Ce 22 juillet, vers 19h, Marc (dit « Goan ») et son ami Sylvain, deux habitants de la rue Saint Jean, arrivent au parking de l’Ilot Baudin. Marc y loue un garage ; toute la vie de ce Ch’ti est là, entreposée sur quelques mètres carrés de béton. Sylvain est venu lui prêter main forte pour déménager des affaires, il a garé son véhicule derrière celui de son beau-père, une petite voiture achetée neuve 3 ans auparavant. Ils entendent du bruit au-dehors, remontent par l’escalier de secours. A la surface, l’eau a déjà envahi les rues. 10 cm devant le cinéma, 20 vers le bureau de tabac, 40 devant la boutique du traiteur… Le niveau monte au fur et à mesure de leur progression dans la rue Saint Jean, ils ont bientôt de l’eau jusqu’à la taille. Marc a un mauvais pressentiment, veut faire demi-tour, inquiet pour ses affaires. C’est alors que les deux amis entendent un énorme craquement : la porte du parking souterrain vient de céder. L’eau s’engouffre dans le trou béant, créant un tourbillon. 25 voitures sont irrémédiablement noyées, recouvertes par plus d’1 mètre 50 d’eau boueuse…
A la surface, les secours s’organisent. A l’arrivée des pompiers, Manu, un habitant du quartier, ancien pompier volontaire, leur prête main forte dans le garage de l’Ilot Baudin. Il faut faire vite, quelqu’un est peut-être coincé à l’intérieur. Marc et ses amis Sylvain, Nora et Stéphanie, tous locataires de la rue St Jean, aident les habitants naufragés à rentrer chez eux. L’eau descend peu à peu. Ils proposent leur aide aux commerçants présents à cette heure tardive, contactent ceux qui ne sont pas encore au courant. Armés de balais, seaux, serpillères, serviettes éponges, nos « mousquetaires » commencent à écoper, nettoyer, pieds nus dans l’eau sale. Il y a même Athénaïs, 13 ans, la fille de Nora. Tous sont incroyablement organisés et efficaces : ils ne se posent pas de questions, ils agissent, alors que d’autres viennent en spectateurs constater l’étendue des dégâts… Jusqu’au milieu de la nuit, les cinq comparses aideront à sauver ce qui peut l’être. Ils n’étaient pas obligés de le faire ; juste un élan de solidarité, de la gentillesse à l’état pur.

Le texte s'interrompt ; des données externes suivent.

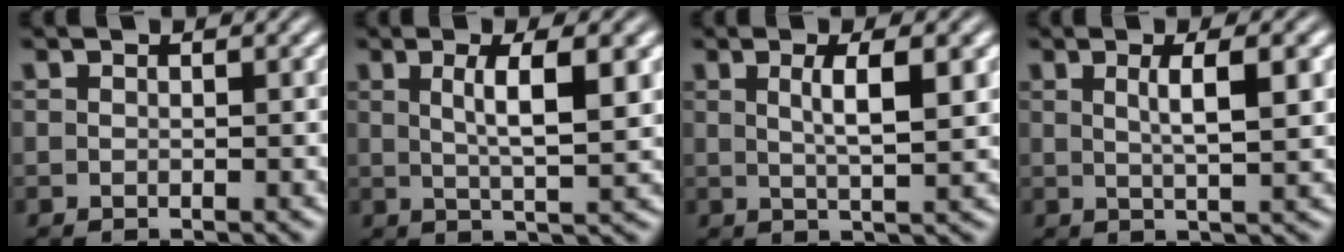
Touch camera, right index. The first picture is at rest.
{"total": 4.0, "force": [1.0, -0.9, 3.8], "torque": [-0.050, -0.002, 0.025]}
{"total": 3.2, "force": [1.0, -1.0, 2.9], "torque": [-0.037, -0.003, 0.024]}
{"total": 3.1, "force": [1.0, -1.1, 2.8], "torque": [-0.035, -0.002, 0.024]}
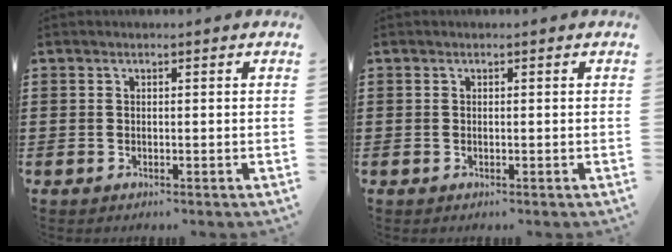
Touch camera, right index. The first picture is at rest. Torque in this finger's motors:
{"motor_torque": [-0.11, 0.61, 0.01, 0.00]}
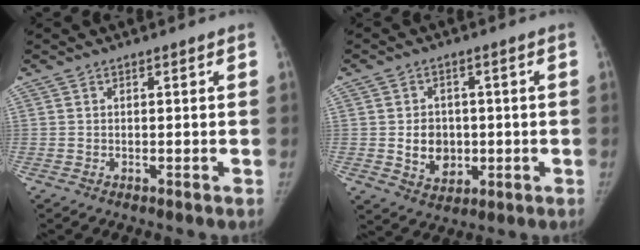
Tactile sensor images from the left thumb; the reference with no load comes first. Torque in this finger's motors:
{"motor_torque": [0.40, 1.37, 0.78, -0.57, 0.24]}
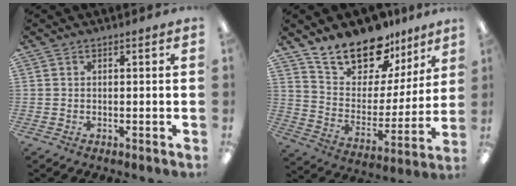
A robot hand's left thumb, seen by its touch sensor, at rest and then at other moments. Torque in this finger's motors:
{"motor_torque": [1.12, 1.09, 1.33, -1.44, 0.08]}
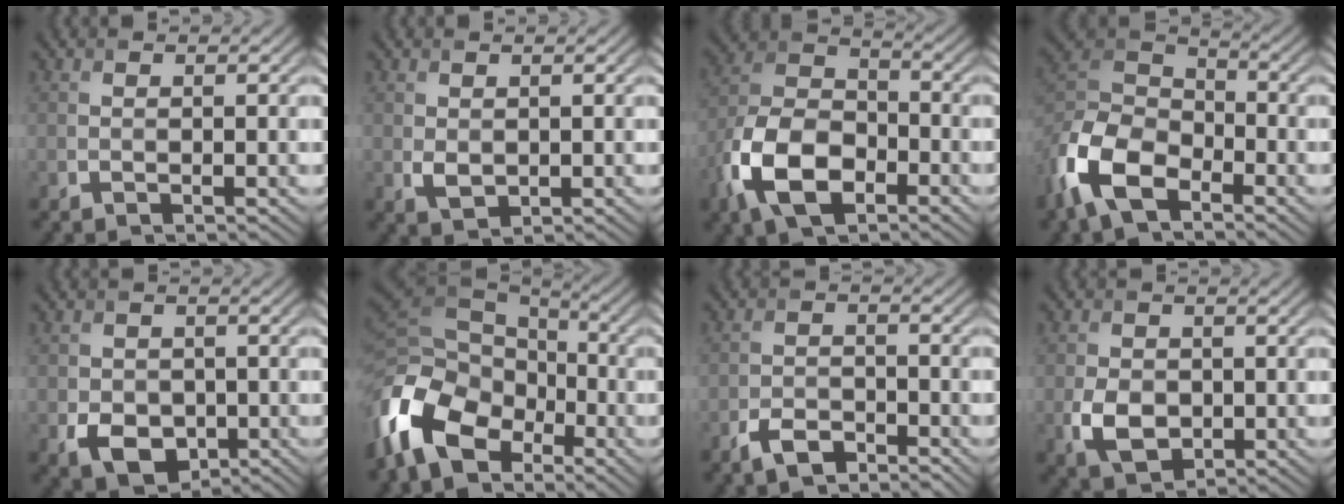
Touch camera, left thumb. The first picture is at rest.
{"total": 1.7, "force": [0.3, 1.2, 1.1], "torque": [-0.025, -0.004, 0.012]}
{"total": 12.2, "force": [-5.9, 6.9, 8.3], "torque": [-0.191, -0.010, -0.127]}
{"total": 12.5, "force": [-6.9, 6.8, 7.9], "torque": [-0.191, -0.017, -0.155]}
{"total": 5.1, "force": [-1.6, 3.9, 2.8], "torque": [-0.054, -0.017, -0.028]}
{"total": 15.6, "force": [-6.8, 10.3, 9.6], "torque": [-0.262, -0.046, -0.125]}
{"total": 3.8, "force": [-2.9, 1.5, 1.8], "torque": [-0.037, 0.000, -0.064]}
{"total": 4.7, "force": [-0.9, 3.5, 3.0], "torque": [-0.070, -0.014, -0.018]}
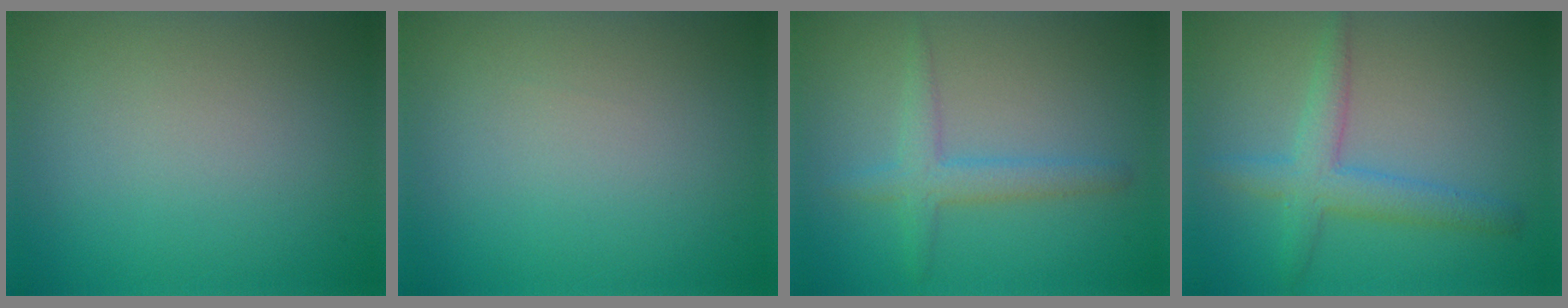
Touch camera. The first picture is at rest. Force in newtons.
{"total": 0.0}
{"total": 2.6, "press": 2.6, "slide": 0.1}
{"total": 3.4, "press": 3.4, "slide": 0.2}
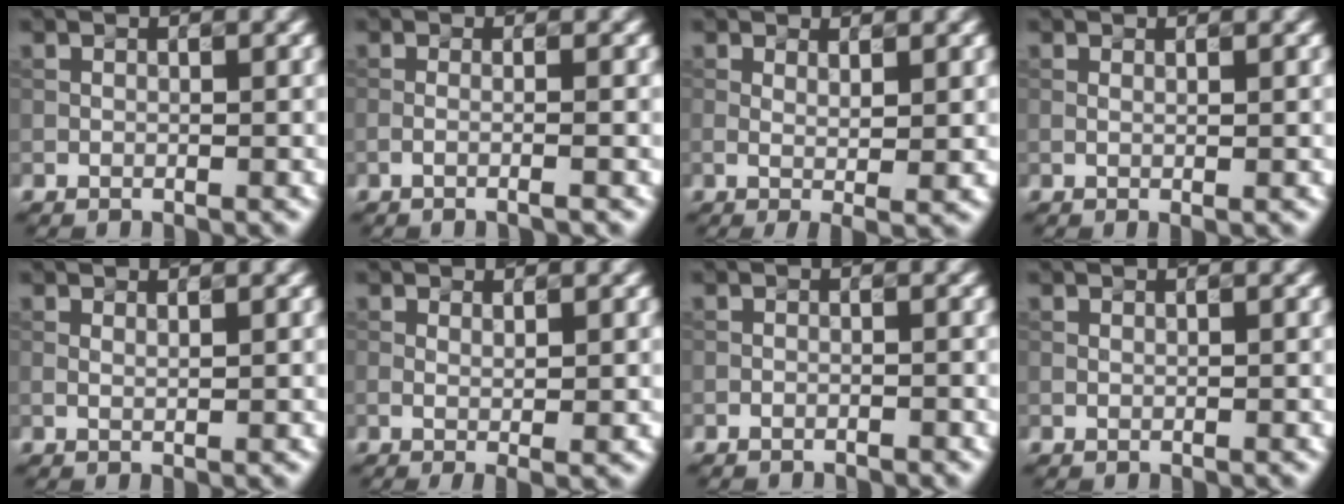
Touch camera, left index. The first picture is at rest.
{"total": 2.0, "force": [-0.3, 0.7, 1.9], "torque": [-0.019, -0.003, -0.027]}
{"total": 2.5, "force": [0.6, 0.5, 2.4], "torque": [-0.033, -0.009, 0.010]}
{"total": 0.8, "force": [0.3, 0.1, 0.8], "torque": [-0.011, 0.000, 0.001]}
{"total": 0.7, "force": [0.4, 0.1, 0.5], "torque": [-0.007, -0.001, 0.007]}
{"total": 1.8, "force": [0.3, 0.3, 1.8], "torque": [-0.027, -0.005, 0.002]}
{"total": 1.1, "force": [-1.1, 0.2, 0.3], "torque": [-0.001, 0.000, -0.019]}
{"total": 0.0}
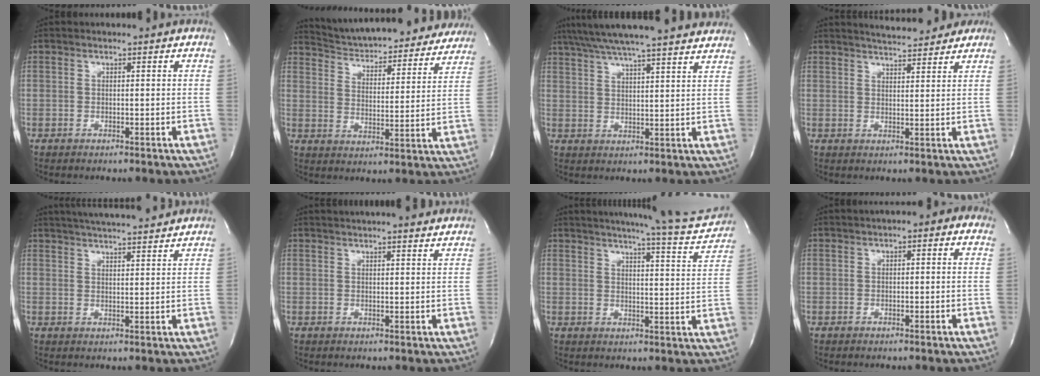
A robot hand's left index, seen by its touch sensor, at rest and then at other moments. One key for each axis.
{"total": 24.9, "fx": 23.4, "fy": 5.2, "fz": 7.1, "tx": -0.109, "ty": -0.027, "tz": 0.304}
{"total": 24.0, "fx": 21.2, "fy": 1.6, "fz": 11.1, "tx": -0.190, "ty": 0.022, "tz": 0.287}
{"total": 8.5, "fx": 7.9, "fy": 1.3, "fz": 2.9, "tx": -0.047, "ty": 0.012, "tz": 0.103}
{"total": 13.9, "fx": 12.5, "fy": 1.2, "fz": 6.0, "tx": -0.102, "ty": 0.015, "tz": 0.173}
{"total": 10.1, "fx": 9.0, "fy": 0.7, "fz": 4.4, "tx": -0.064, "ty": 0.011, "tz": 0.105}
{"total": 16.1, "fx": 15.0, "fy": 0.4, "fz": 6.0, "tx": -0.082, "ty": -0.060, "tz": 0.172}
{"total": 2.6, "fx": 1.2, "fy": 1.1, "fz": 2.1, "tx": -0.026, "ty": 0.015, "tz": 0.010}
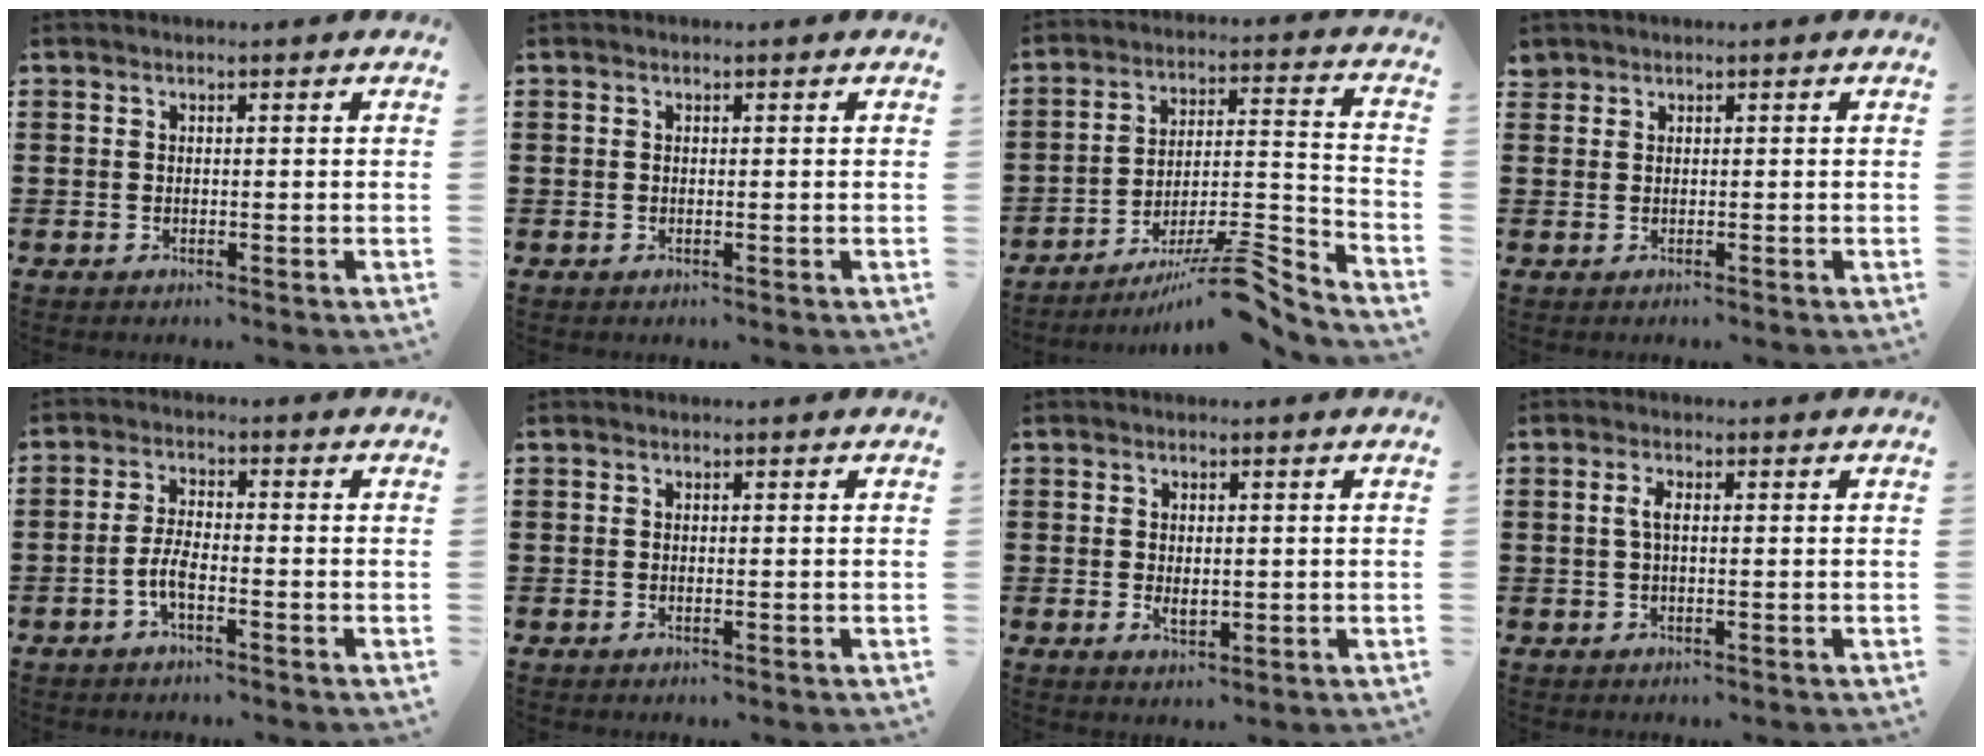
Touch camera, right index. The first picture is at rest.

Le lendemain, tout le quartier a un peu la gueule de bois. Les dégâts sont importants, la ville demande un classement en catastrophe naturelle. Marc a perdu toutes ses affaires, « toute [sa] vie », Sylvain et son beau-père leur voiture. Sylvain est mal assuré, même le dépannage n’est pas pris en charge. Entre temps, il a aussi perdu son travail à Chambéry… Il faut remplir les dossiers d’indemnisation, mais tout semble compliqué : comprendre le « jargon » administratif, se procurer des photos, joindre les justificatifs… Nos héros se sentent un peu perdus, désarçonnés par les soucis du quotidien, mais ils ne baissent pas les bras ; car dans tout drame, il y a une lueur d’espoir. Leur fée à eux s’appelle Colette. L’artiste belleysane, touchée par la générosité de ses voisins, décide de les épauler à son tour. « Colette nous a aidés à faire les papiers, à chercher une voiture, elle a été là. Si on peut trouver des gens comme elle, il y en a peut-être d’autres, qui ne se font pas connaître, et restent un peu sauvages ».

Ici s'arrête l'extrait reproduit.